Does anyone working at one of these banks or similar know if this information still holds true?
And have any of the banks started using uv yet? Or will they forever be using pip?
SC has its own Haskell compiler that produces bytecode that you can run locally, serialize, send to be executed somewhere else, etc. Most of the code still lived in a monorepo, though.
We did have a global data store (well, several) that any code could access. I was working on a more "normal" application that was still written in the SC haskell dialect but otherwise mainstream architecture -- postgres, deploying to a boring linux server, etc.
A colleague once described our dialect as "Python that looks like Haskell". This is an exaggeration, but a) we did use a lot of untyped dicts and everything-is-a-giant-relational-table structures, and b) my understanding is that the actual financial modelling was done in C++ and the SC Haskell was glueing things together. Idk.
About uv -- I did try to convert ppl to uv but it probably didn't spread further than my few colleagues at the Warsaw office.. well and also I merged a monorepo-wide documentation system that used sphinx and uv, but idk if it's still alive after I left.
There was certainly a widespread understanding that doing things the "Bank Way" made recruitment difficult, and they hypothesised that it was also a significant drag on their ability to turn around new projects. The main goal of the new platform was to provide an alternative way of doing things which would allow them to quantify that drag.
I know that the pilot was completed, and it went on to a more widespread deployment - but my involvement with it had already ended so I can't say if it actually proved their hypothesis / provided the quantitative data they wanted.
Right out of the gates, it's crazy how this contrasts with Mercury's Haskell infra
Barbara is a company wide database, it handles data storage.
When I read about internal app state being stored in Barbara I'm interpreting that the policy is for the data to be centralized for more vertical control.
While the Temporal thing sounds like if something is written, it's done so in a containerized like manner, and other processes can't just read it.
It stores the app's work-in-progress state as well (probably as a blob full of serialised internal datastructures, at least in some cases):
> You write your workflow as ordinary sequential code, and the platform records every step in an event history. If a worker crashes mid-workflow, another worker replays the deterministic prefix to reconstruct the state, then continues from where it left off.
> When I read about internal app state being stored in Barbara I'm interpreting that the policy is for the data to be centralized for more vertical control.
That wasn't the way I experienced it, if anything it was the opposite: app developers would push to use Barbara for their internal state because it was easy: the app is already accessing it, the APIs are simple, and since it's just pickled objects you can just store your state without having to worry about serialisation (much) or ORM. Whereas policy and leadership would if anything prefer you to use a separate traditional database.
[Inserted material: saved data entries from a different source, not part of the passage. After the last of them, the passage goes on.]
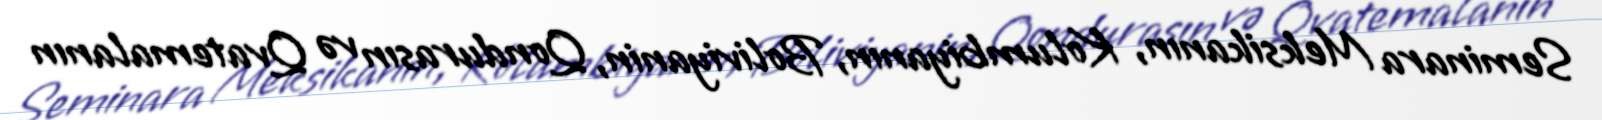
Seminara Meksikanın, Kolumbiyanın, Boliviyanin, Qondurasın və Qvatemalanın
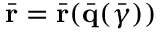
\bar { \bf r } = \bar { \bf r } ( \bar { \bf q } ( \bar { \boldsymbol { \gamma } } ) )
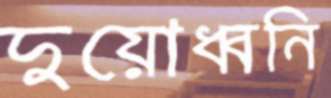
দুয়োধ্বনি
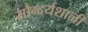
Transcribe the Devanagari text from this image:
सौन्दर्यशाली
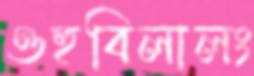
ওহুবিলালং
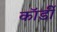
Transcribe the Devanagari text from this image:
कॉर्डी
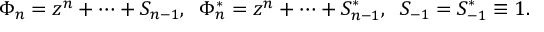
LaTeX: \Phi _ { n } = z ^ { n } + \cdots + S _ { n - 1 } , \; \; \Phi _ { n } ^ { * } = z ^ { n } + \cdots + S _ { n - 1 } ^ { * } , \; \; S _ { - 1 } = S _ { - 1 } ^ { * } \equiv 1 .

The point of Barbara is to provide a unified interface onto "everything the bank knows", it's primarily for data that multiple teams use, not internal state owned by a single team.
But also I suppose you may be saying exactly this?
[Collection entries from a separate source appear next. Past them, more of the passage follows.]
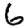
Digit: 6
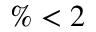
\% < 2
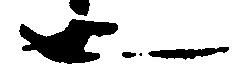
也
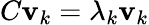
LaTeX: C\mathbf{v}_{k}=\lambda_{k}\mathbf{v}_{k}
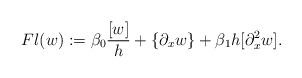
LaTeX: \begin{align*}Fl(w):=\beta_0 \frac{[w]}{h} +\{\partial_xw\}+\beta_1h[\partial_x^2 w].\end{align*}
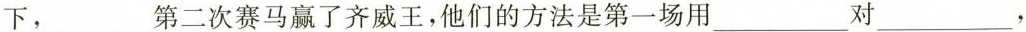
下，___第二次赛马赢了齐威王，他们的方法是第一场用___对___，

There's a very big difference between the kind of bank you walk into to get a checking account, versus one that has no (individual) customers and whose job it is to assist with IPOs or whatever.
s/barbara/sandra/gIs this really the case? I'm sure there are plenty of transactions that for umpteen different reasons must not be exposed on a global level.
But anyway, specific trades are rarely private to one part of the bank for many reasons. For example regulatory: these days you have to notify the regulator about every trade.